Porto Alegre foi pioneira em planejamento urbano no Brasil. Em 1914, há exatos 110 anos, colocou em prática um Plano de Melhoramentos e, nos anos 1970, foi a primeira capital a ter um Plano Diretor de Desenvolvimento Urbano.
Jaime Lerner, que ganhou notoriedade mundial pelas soluções urbanas em Curitiba, prestava tributo aos urbanistas gaúchos.
Essa cultura se extraviou. Uma revisão do Plano Diretor, que deveria ocorrer de dez em dez anos, para atualizá-lo, vem sendo adiada desde 2010.
Enquanto isso, mudanças pontuais vão desmontando o plano , substituindo as regras do ordenamento urbano por medidas de estímulo à expansão imobiliária.

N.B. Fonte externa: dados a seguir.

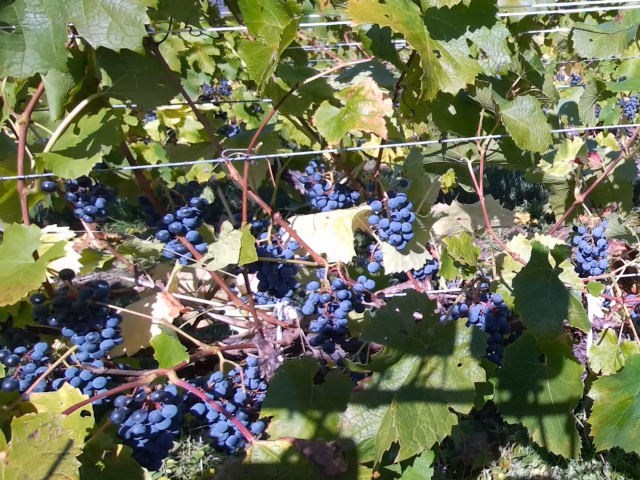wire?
<instances>
[{"instance_id":"d2f4af69","label":"wire","mask_w":640,"mask_h":480,"mask_svg":"<svg viewBox=\"0 0 640 480\" xmlns=\"http://www.w3.org/2000/svg\"><path fill=\"white\" fill-rule=\"evenodd\" d=\"M509 135H465L458 137H449L443 138L440 140H432V141H420V142H412L405 144H362V145H348L343 147H337L333 149H322V150H308V151H279L275 153H259L255 156H247V157H238V158H230V159H206V158H196L194 160H186L174 163H155V164H146V165H128V166H118V167H104V168H91V173H106V172H120V171H130V170H149V169H158V168H176L188 165H196L199 163L203 164H232V163H240V162H249V161H257L261 158H277L281 156H310V155H324V154H335L339 152H345L350 150H364V149H407L414 147H422V146H434V145H442L445 143L451 142H460L467 140H509Z\"/></svg>"},{"instance_id":"a73af890","label":"wire","mask_w":640,"mask_h":480,"mask_svg":"<svg viewBox=\"0 0 640 480\" xmlns=\"http://www.w3.org/2000/svg\"><path fill=\"white\" fill-rule=\"evenodd\" d=\"M617 0H609L608 2H569V1H549V2H524L513 3L509 5H499V10H511L515 8L526 7H552V6H566V7H588L585 9L578 8H550L543 10H528V11H505L498 14L499 18L507 16H530V15H545L552 13H576V14H588L596 11L604 10H635L640 7L639 3L633 5H613Z\"/></svg>"},{"instance_id":"4f2155b8","label":"wire","mask_w":640,"mask_h":480,"mask_svg":"<svg viewBox=\"0 0 640 480\" xmlns=\"http://www.w3.org/2000/svg\"><path fill=\"white\" fill-rule=\"evenodd\" d=\"M246 25H231L225 27H179L175 29H166V30H154L148 29L147 33L152 35H168V34H177L181 32H227L234 30H246Z\"/></svg>"},{"instance_id":"f0478fcc","label":"wire","mask_w":640,"mask_h":480,"mask_svg":"<svg viewBox=\"0 0 640 480\" xmlns=\"http://www.w3.org/2000/svg\"><path fill=\"white\" fill-rule=\"evenodd\" d=\"M640 127V122L636 123H603L600 125H579L573 127L566 128H552V133H568L575 132L581 130H602L605 128H638Z\"/></svg>"},{"instance_id":"a009ed1b","label":"wire","mask_w":640,"mask_h":480,"mask_svg":"<svg viewBox=\"0 0 640 480\" xmlns=\"http://www.w3.org/2000/svg\"><path fill=\"white\" fill-rule=\"evenodd\" d=\"M55 174L53 172H18L15 174L0 175V182L17 181L20 179L32 180V179H53Z\"/></svg>"},{"instance_id":"34cfc8c6","label":"wire","mask_w":640,"mask_h":480,"mask_svg":"<svg viewBox=\"0 0 640 480\" xmlns=\"http://www.w3.org/2000/svg\"><path fill=\"white\" fill-rule=\"evenodd\" d=\"M353 23L352 19L349 20H335V21H329V22H303V23H299L298 27L299 28H305V27H331V26H338V25H351Z\"/></svg>"}]
</instances>

Duas mudanças localizadas – no Centro e no Quarto Distritos – foram feitas pela atual gestão, de Sebastião Melo, com o objetivo estimular o adensamento urbano. O plano diretor foi arrombado, para permitir maiores índices construtivos nessas áreas, mais bem providas de serviços urbanos.
O projeto, anunciado pelo prefeito, é (era) simplesmente dobrar a população do Centro Histórico e do Quarto Distrito, as duas áreas mais inundadas na atual enchente.
Situação análoga ocorreu no Estado.
Em 1961, o governo do Estado tinha um Gabinete de Assessoria e Planejamento, o famoso GAP onde uma equipe multidisciplinar articulada com as universidades coordenava um projeto de desenvolvimento regional. Nem mesmo os governadores nomeados pelo regime militar ousaram extinguir as estruturas de planejamento do governo estadual.
Na redemocratização, uma das primeiras providências do governo Pedro Simon (1987/90) foi criar, por inspiração de Siegfried Heuser, a Fundação de Economia e Estatística, cujo objetivo era produzir as informações necessárias ao planejamento, sem a influência governo.
Tudo isso foi dizimado. Em 2020, a FEE foi extinta, assim como outras nove fundações públicas ligadas à pesquisa no Estado, como a Cientec, a Fepagro, a Zoobotânica, que tinham convênios inclusive com universidades estrangeiras.
No ano passado, quando decidiu dar forma ao que seria a grande obra da atual gestão, o governo estadual contratou, com pompa e circunstância, o BNDES para “modelar” o projeto de revitalização do Cais Mauá, o antigo porto da capita gaúcha.
Uma área de 81 hectares à margem do Guaíba seria concedida para um grande projeto imobiliário. Para tornar mais atraente o negócio para o investidor privado, permitiu-se a construção de 9 torres de 30 andares na beira do Guaiba. O governo estadual e a prefeitura cogitaram até retirar o muro que, agora, apesar do mau estado, impediu o pior em Porto Alegre.
O Cais Mauá, que se estende por três quilômetros à margem do Guaíba, foi uma das áreas mais atingidas pela grande enchente que inundou Porto Alegre.